Interestingly, Dr. Anthony Fauci was aware of all this for many years prior to the COVID-19 vaccine debacle that he championed, as evidenced by the following article:
David M Morens, Jeffery K Taubenberger, Anthony S Fauci (2008). Predominant Role of Bacterial Pneumonia as a Cause of Death in Pandemic Influenza: Implications for Pandemic Influenza Preparedness, The Journal of Infectious Diseases, 198(7):962–970.
The extreme reaction to COVID-19 and the resulting single-minded rush to create a vaccine were fueled by unjustified fear of a relatively-unremarkable coronavirus, which faulty, misguided analysis erroneously projected would cause an event similar to the 1918-influenza pandemic.

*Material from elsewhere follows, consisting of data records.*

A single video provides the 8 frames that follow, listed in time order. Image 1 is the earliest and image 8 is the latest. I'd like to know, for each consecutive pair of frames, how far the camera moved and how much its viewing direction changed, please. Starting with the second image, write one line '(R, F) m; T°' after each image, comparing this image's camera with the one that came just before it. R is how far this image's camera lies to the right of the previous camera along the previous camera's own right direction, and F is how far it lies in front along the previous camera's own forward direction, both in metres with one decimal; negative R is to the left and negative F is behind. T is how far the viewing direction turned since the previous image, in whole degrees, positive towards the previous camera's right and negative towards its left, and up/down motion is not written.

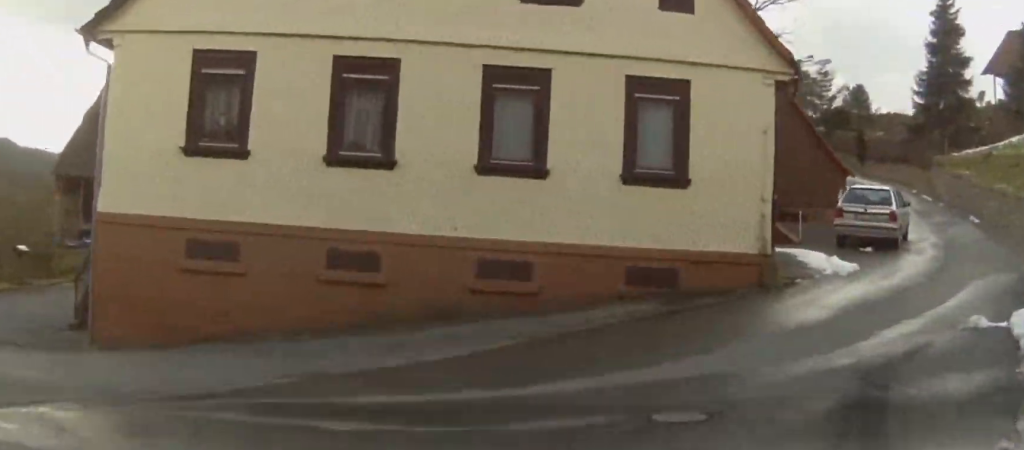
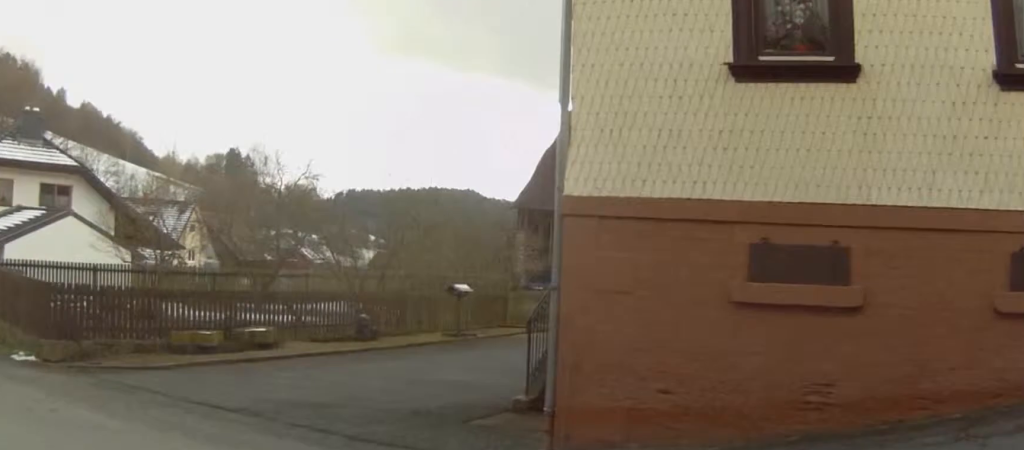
(-1.0, +6.9) m; -20°
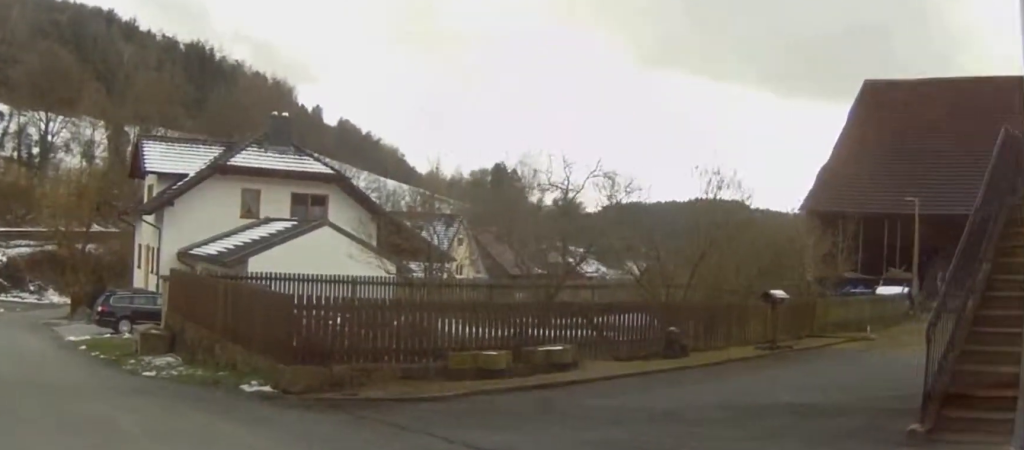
(-0.5, +3.3) m; -16°
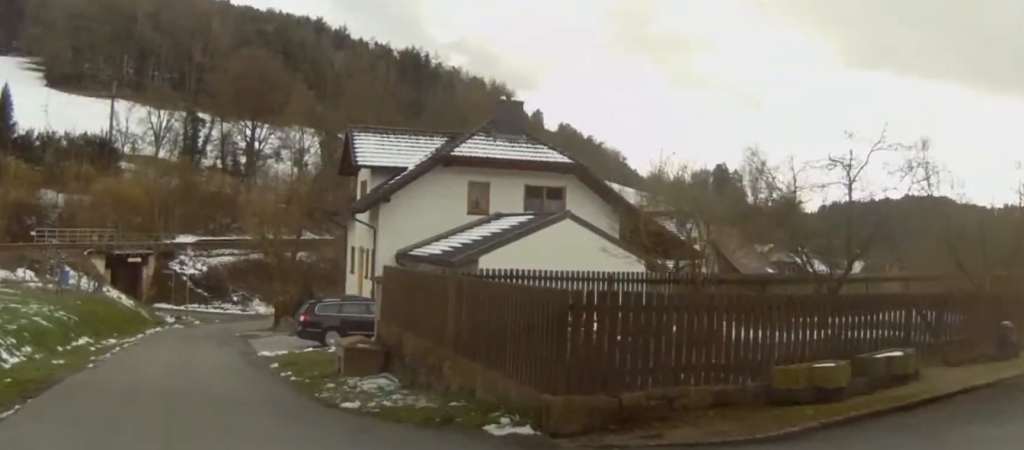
(-0.9, +4.6) m; -23°
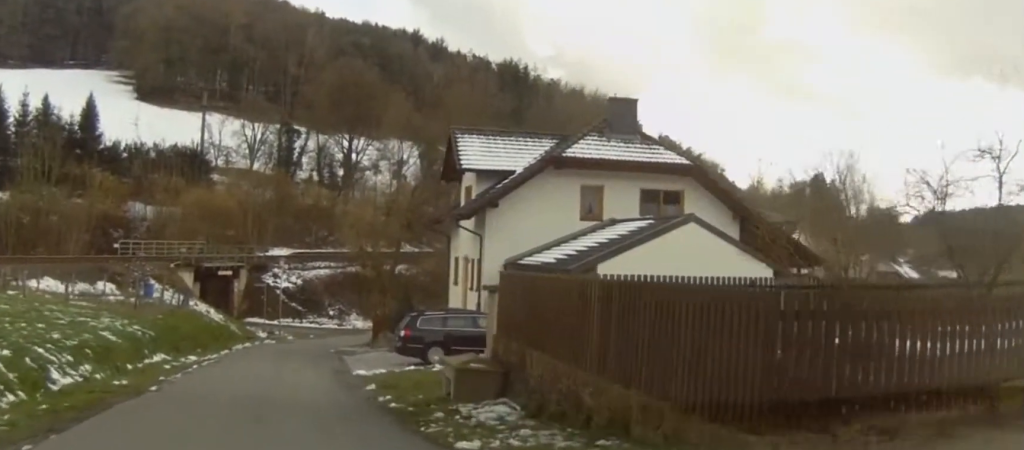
(-0.6, +2.4) m; -9°
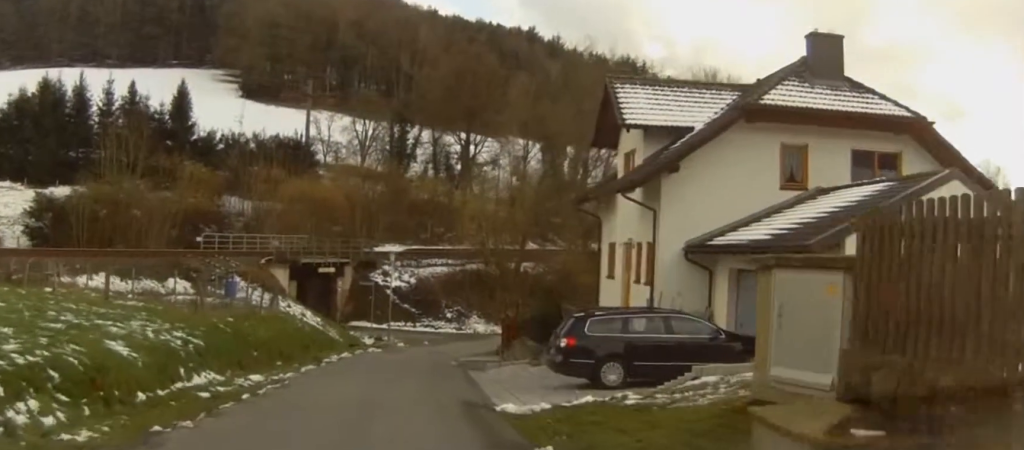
(-0.9, +8.2) m; -8°
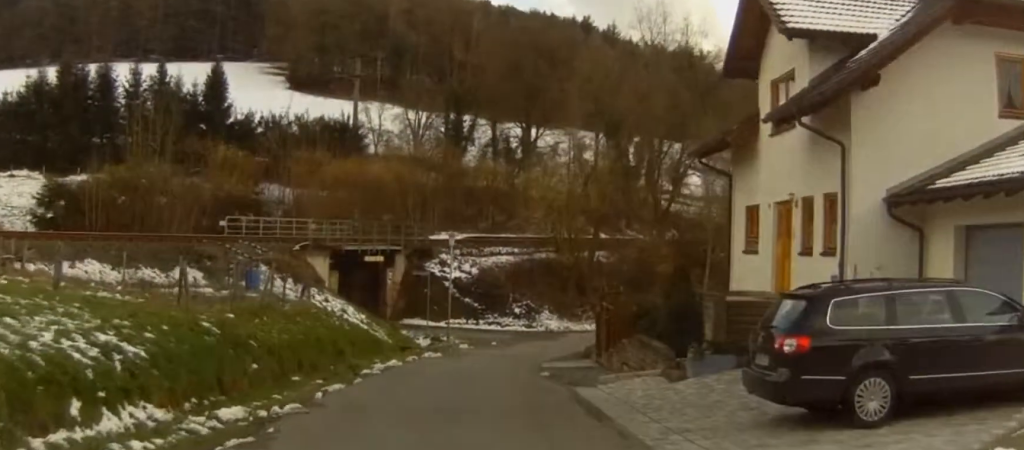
(-0.2, +7.9) m; -3°
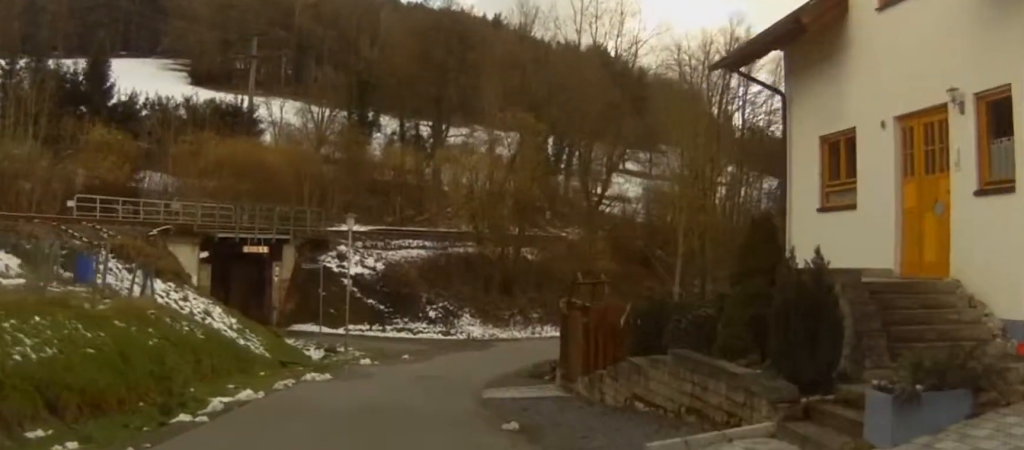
(-0.1, +10.6) m; 0°

Comparing the present time to 1918 carelessly overlooks critically-important facts. 1918 simply was a different time from the current era (2024 and beyond). We know more about disease than we did back then. Antibiotics exist. Doctors are better today. Many experts not captured by the pharmaceutical industry also understand the dangers of single-minded approaches to public health, strongly tied to financial gains by drug developers. Consequently, promoting the fear of a naturally-mutating bird flu virus as the next "big one" (i.e., catastrophic pandemic) is nothing less than a further exercise of disease mongering.